**Work required:** Reproduce the lines below exactly. Begin with the first, end with the line containing "the Guardian in", and leave out the pictures.

Data for this exercise Start Marker

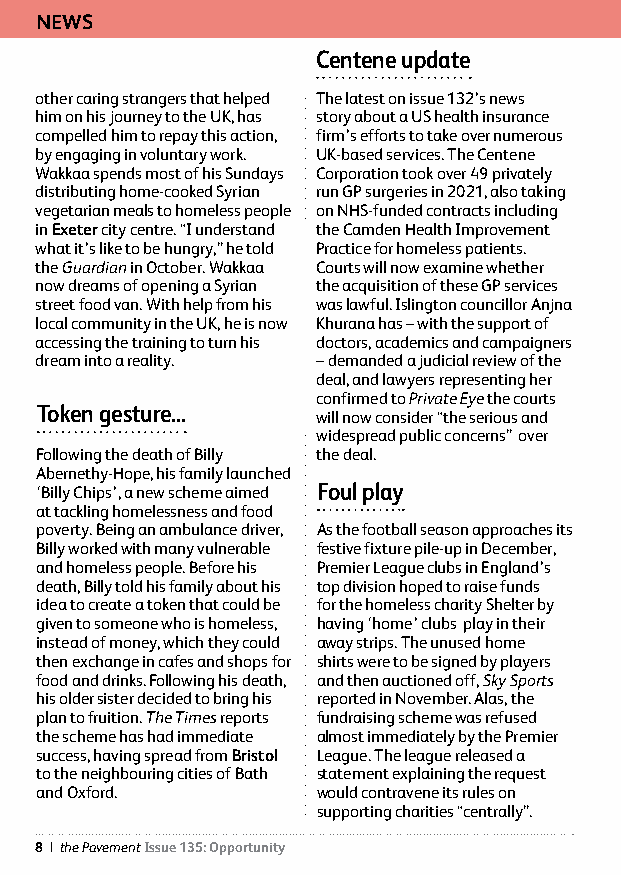
NEWS
 Centene update
 other caring strangers that helped The latest on issue 132’s news
 him on his journey to the UK, has story about a US health insurance
 compelled him to repay this action, firm’s efforts to take over numerous
 by engaging in voluntary work. UK-based services. The Centene
 Wakkaa spends most of his Sundays Corporation took over 49 privately
 distributing home-cooked Syrian run GP surgeries in 2021, also taking
 vegetarian meals to homeless people on NHS-funded contracts including
 in Exeter city centre. “I understand the Camden Health Improvement
 what it’s like to be hungry,” he told Practice for homeless patients.
 the Guardian in October. Wakkaa Courts will now examine whether
 now dreams of opening a Syrian the acquisition of these GP services
 street food van. With help from his was lawful. Islington councillor Anjna
 local community in the UK, he is now Khurana has – with the support of
 accessing the training to turn his doctors, academics and campaigners
 dream into a reality. – demanded a judicial review of the
 deal, and lawyers representing her
 confirmed to Private Eye the courts
 Token gesture...
 will now consider “the serious and
 widespread public concerns” over
 Following the death of Billy the deal.
 Abernethy-Hope, his family launched
 ‘Billy Chips’, a new scheme aimed Foul play
 at tackling homelessness and food
 poverty. Being an ambulance driver, As the football season approaches its
 Billy worked with many vulnerable festive fixture pile-up in December,
 and homeless people. Before his Premier League clubs in England’s
 death, Billy told his family about his top division hoped to raise funds
 idea to create a token that could be for the homeless charity Shelter by
 given to someone who is homeless, having ‘home’ clubs play in their
 instead of money, which they could away strips. The unused home
 then exchange in cafes and shops for shirts were to be signed by players
 food and drinks. Following his death, and then auctioned off, Sky Sports
 his older sister decided to bring his reported in November. Alas, the
 plan to fruition. The Times reports fundraising scheme was refused
 the scheme has had immediate almost immediately by the Premier
 success, having spread from Bristol League. The league released a
 to the neighbouring cities of Bath statement explaining the request
 and Oxford.        would contravene its rules on
 supporting charities “centrally”.
 8 | the Pavement Issue 135: Opportunity
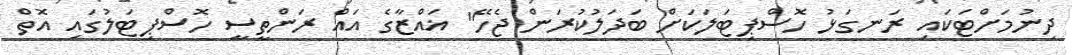
ދިނުމަށްޓަކައި ރަނގަޅު ހޮސްޕިޓަލަކަށް ބަދަލުކުރަން ޖެހޭ" ޣައްޒާގެ އައް ރަންތީސީ ހޮސްޕިޓަލުގައި އޮތް
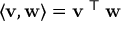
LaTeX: \langle \mathbf { v } , \mathbf { w } \rangle = \mathbf { v } ^ { \textsf { T } } \mathbf { w }
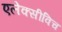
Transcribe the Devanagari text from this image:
एलेक्सीविच
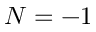
N = - 1
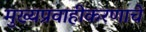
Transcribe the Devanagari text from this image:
मुख्यप्रवाहीकरणाचे
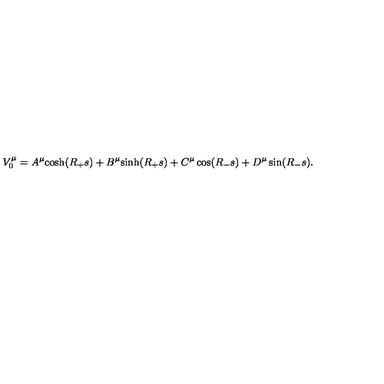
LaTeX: V _ { 0 } ^ { \mu } = A ^ { \mu } \mathrm { c o s h } ( R _ { + } s ) + B ^ { \mu } \mathrm { s i n h } ( R _ { + } s ) + C ^ { \mu } \cos ( R _ { - } s ) + D ^ { \mu } \sin ( R _ { - } s ) .
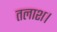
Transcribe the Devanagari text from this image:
तलाश।
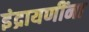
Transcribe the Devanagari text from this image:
इंद्रायणींना
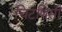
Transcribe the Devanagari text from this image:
चिटणिसी
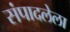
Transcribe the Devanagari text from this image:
संपादलेला
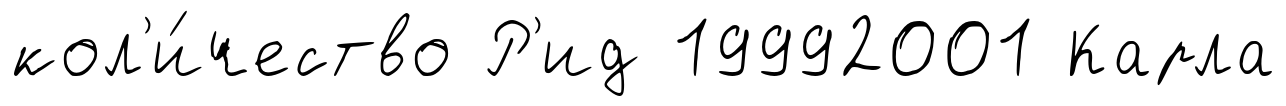
кол'и́чество Р'ид 19992001 Карла
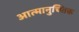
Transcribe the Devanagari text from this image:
आत्मानुचिंतक
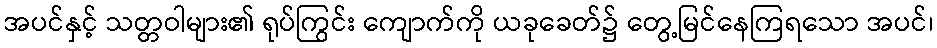
အပင်နှင့် သတ္တဝါများ၏ ရုပ်ကြွင်း ကျောက်ကို ယခုခေတ်၌ တွေ့မြင်နေကြရသော အပင်၊
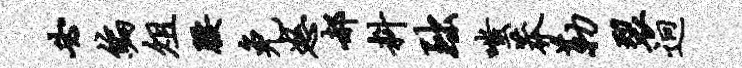
必编俎腰免怒郝料黜嗤莽勒裂迥
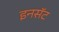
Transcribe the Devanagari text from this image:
इनसॅट
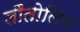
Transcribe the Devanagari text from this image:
लौतोलिम
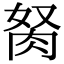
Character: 胬
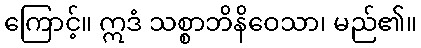
ကြောင့်။ ဣဒံ သစ္စာဘိနိဝေသာ၊ မည်၏။
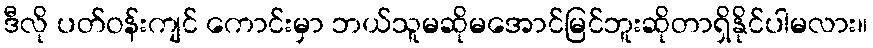
ဒီလို ပတ်ဝန်းကျင် ကောင်းမှာ ဘယ်သူမဆိုမအောင်မြင်ဘူးဆိုတာရှိနိုင်ပါမလား။
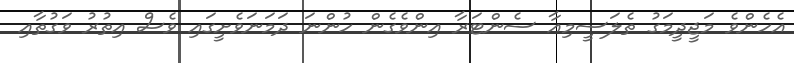
އެހެންވެ މަޖީދީމަގު ތެލަސީމިއާ ސެންޓަރާ އިންވެގެން ހުންނަ ދަމަނަވެށީގައި ވެސް އިތުރު ވަގުތާއި
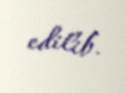
edilib.
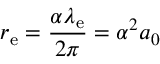
r _ { \mathrm { e } } = { \frac { \alpha \lambda _ { \mathrm { e } } } { 2 \pi } } = \alpha ^ { 2 } a _ { 0 }
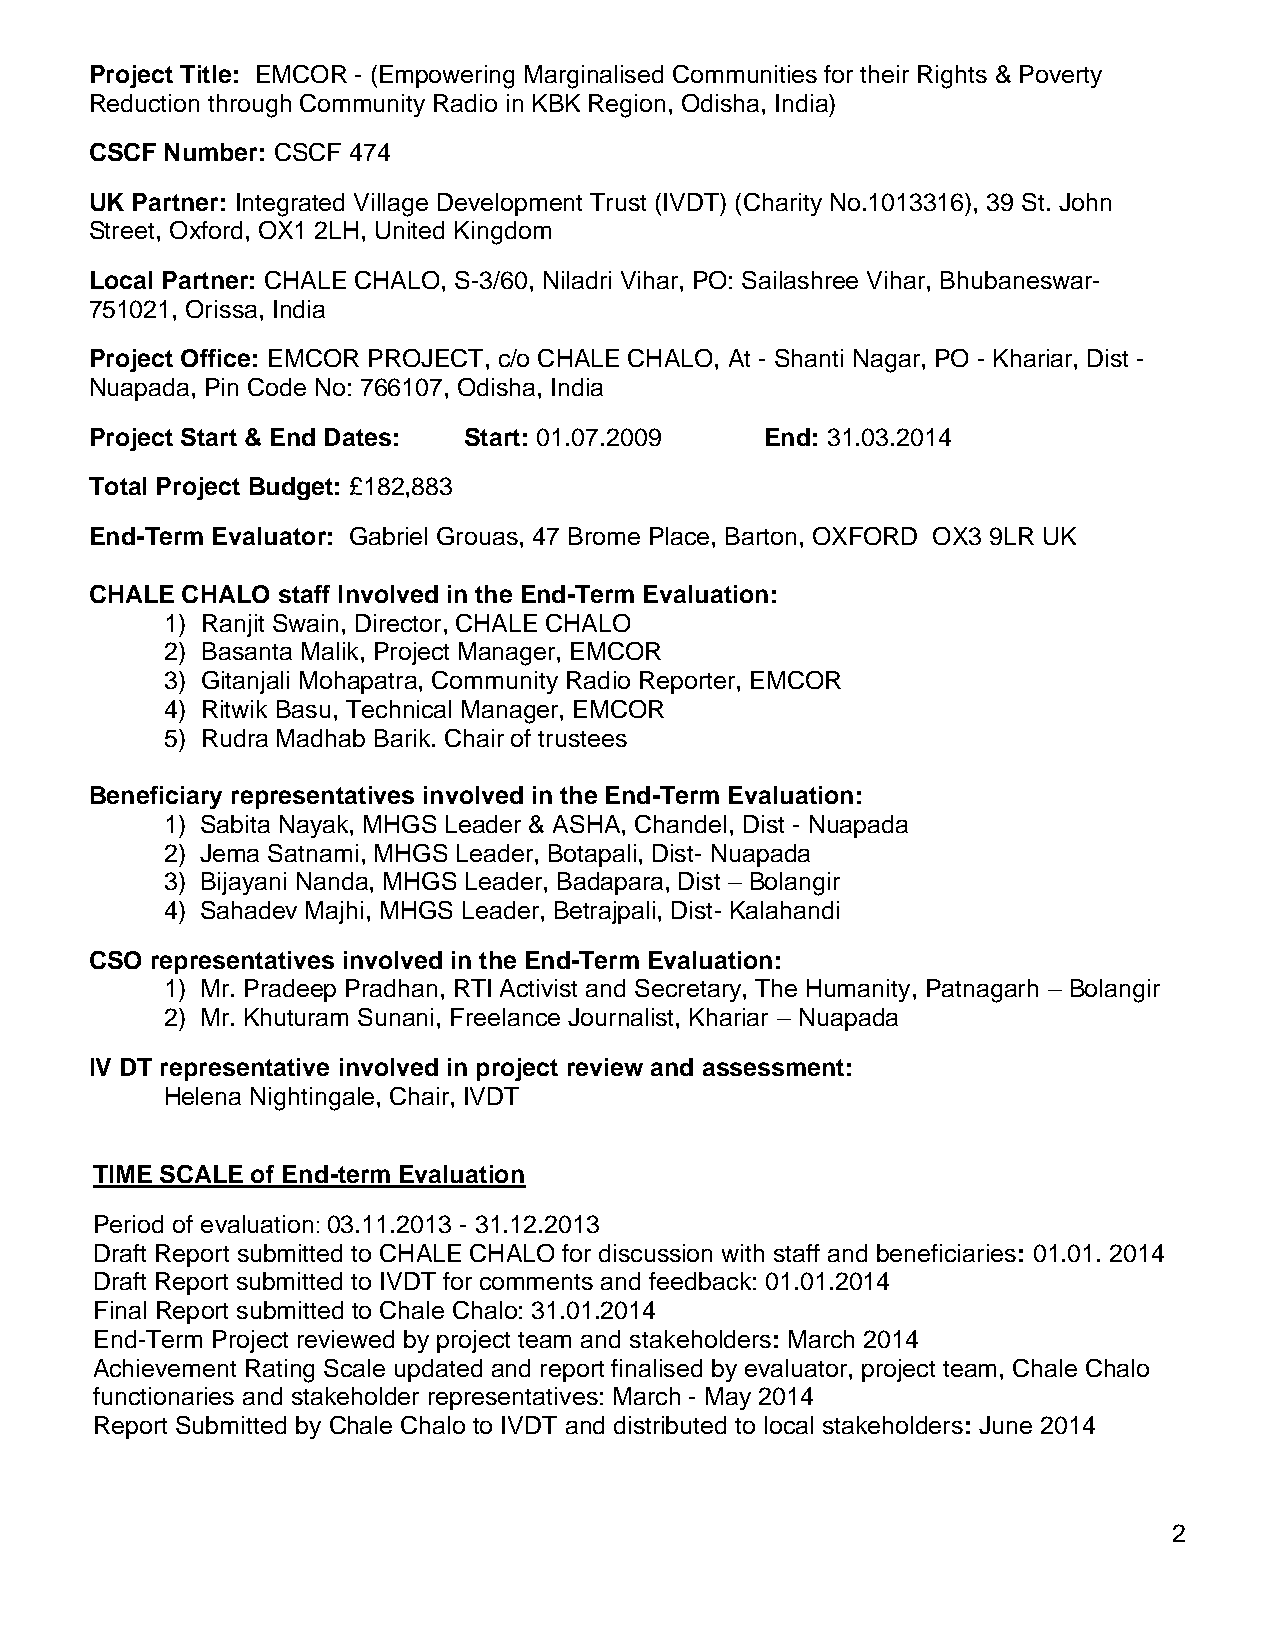
Project Title: EMCOR - (Empowering Marginalised Communities for their Rights & Poverty
 Reduction through Community Radio in KBK Region, Odisha, India)
 CSCF Number: CSCF 474
 UK Partner: Integrated Village Development Trust (IVDT) (Charity No.1013316), 39 St. John
 Street, Oxford, OX1 2LH, United Kingdom
 Local Partner: CHALE CHALO, S-3/60, Niladri Vihar, PO: Sailashree Vihar, Bhubaneswar-
 751021, Orissa, India
 Project Office: EMCOR PROJECT, c/o CHALE CHALO, At - Shanti Nagar, PO - Khariar, Dist -
 Nuapada, Pin Code No: 766107, Odisha, India
 Project Start & End Dates: Start: 01.07.2009 End: 31.03.2014
 Total Project Budget: £182,883
 End-Term Evaluator: Gabriel Grouas, 47 Brome Place, Barton, OXFORD OX3 9LR UK
 CHALE CHALO staff Involved in the End-Term Evaluation:
 1) Ranjit Swain, Director, CHALE CHALO
 2) Basanta Malik, Project Manager, EMCOR
 3) Gitanjali Mohapatra, Community Radio Reporter, EMCOR
 4) Ritwik Basu, Technical Manager, EMCOR
 5) Rudra Madhab Barik. Chair of trustees
 Beneficiary representatives involved in the End-Term Evaluation:
 1) Sabita Nayak, MHGS Leader & ASHA, Chandel, Dist - Nuapada
 2) Jema Satnami, MHGS Leader, Botapali, Dist- Nuapada
 3) Bijayani Nanda, MHGS Leader, Badapara, Dist – Bolangir
 4) Sahadev Majhi, MHGS Leader, Betrajpali, Dist- Kalahandi
 CSO representatives involved in the End-Term Evaluation:
 1) Mr. Pradeep Pradhan, RTI Activist and Secretary, The Humanity, Patnagarh – Bolangir
 2) Mr. Khuturam Sunani, Freelance Journalist, Khariar – Nuapada
 IV DT representative involved in project review and assessment:
 Helena Nightingale, Chair, IVDT
 TIME SCALE of End-term Evaluation
 Period of evaluation: 03.11.2013 - 31.12.2013
 Draft Report submitted to CHALE CHALO for discussion with staff and beneficiaries: 01.01. 2014
 Draft Report submitted to IVDT for comments and feedback: 01.01.2014
 Final Report submitted to Chale Chalo: 31.01.2014
 End-Term Project reviewed by project team and stakeholders: March 2014
 Achievement Rating Scale updated and report finalised by evaluator, project team, Chale Chalo
 functionaries and stakeholder representatives: March - May 2014
 Report Submitted by Chale Chalo to IVDT and distributed to local stakeholders: June 2014
 2

Data for this exercise End Marker

**Answer below:**
NEWS
 Centene update
 other caring strangers that helped The latest on issue 132’s news
 him on his journey to the UK, has story about a US health insurance
 compelled him to repay this action, firm’s efforts to take over numerous
 by engaging in voluntary work. UK-based services. The Centene
 Wakkaa spends most of his Sundays Corporation took over 49 privately
 distributing home-cooked Syrian run GP surgeries in 2021, also taking
 vegetarian meals to homeless people on NHS-funded contracts including
 in Exeter city centre. “I understand the Camden Health Improvement
 what it’s like to be hungry,” he told Practice for homeless patients.
 the Guardian in October. Wakkaa Courts will now examine whether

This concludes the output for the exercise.